Let $A$ be an $n\times n$ matrix over a field $K$. Show that there exists an invertible matrix $P$ such that $P^{-1}AP$ is a diagonal sum of an invertible matrix and a nilpotent matrix. (Hint: use Fitting's Lemma.)
I guess one could choose $P$ to be made up of basis vectors, so then $P^{-1}AP$ is a diagonal matrix with the eigenvalues of $A$ on the diagonal. But what's a diagonal sum of two matrices? A sum of two matrices that are diagonal? A diagonal matrix where one part of it is an invertible matrix, and the rest is a nilpotent matrix?
Furthermore, how would I use Fitting's Lemma? It says that if a module $M$ is indecomposable (non-zero, can't be written as a direct sum of simple modules) and of finite-length (the longest chain of submodules is finite), every $End(M)$ is bijective or nilpotent.
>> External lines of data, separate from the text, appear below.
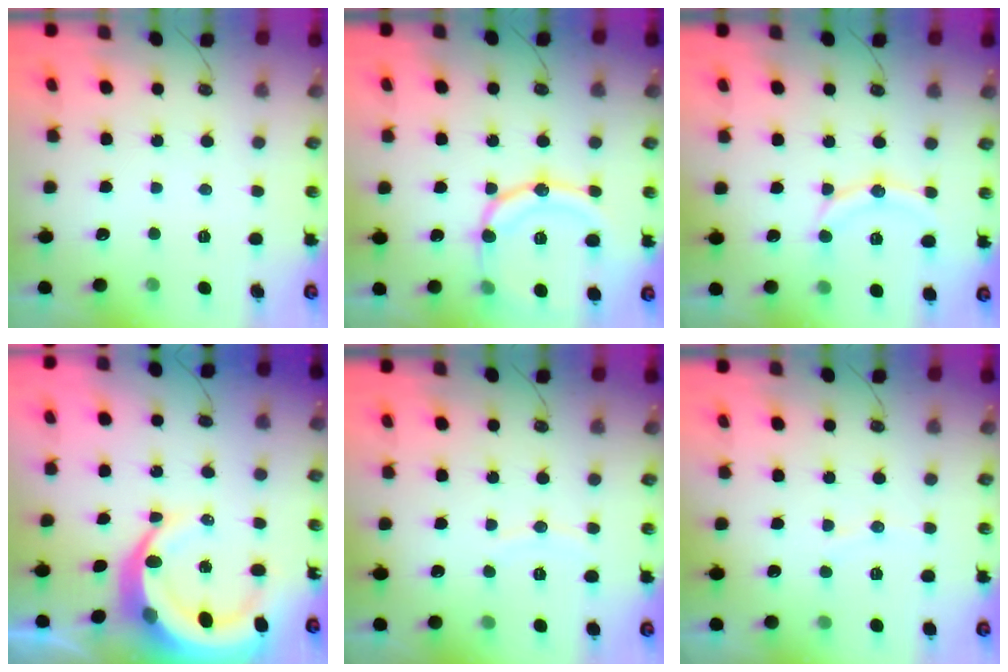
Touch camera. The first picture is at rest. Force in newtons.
{"total": 16.9, "press": 16.6, "slide": 3.3}
{"total": 11.7, "press": 11.4, "slide": 2.7}
{"total": 11.9, "press": 11.8, "slide": 1.6}
{"total": 5.0, "press": 5.0, "slide": 0.5}
{"total": 4.5, "press": 4.3, "slide": 1.4}

I'm thinking that I can use the fact that an $R$-module is the same as an abelian group $M$ together with a ring homomorphism $End(M)$.
The matrix $A$ corresponds to an endomorphism $\varphi_A$ of the $K$-vector space $K^n$. Then, by Fitting's Lemma, there is a decomposition $K^n=V_1\oplus V_2$ such that $\varphi_A$ restricted to $V_1$ is nilpotent, and $\varphi_A$ restricted to $V_2$ is invertible, that is, there is a $K$-basis of $K^n$ such that the matrix associated to $\varphi_A$ in this basis is block-diagonal, and it's made by two blocks: one of them is given by a nilpotent matrix while the other one is an invertible matrix.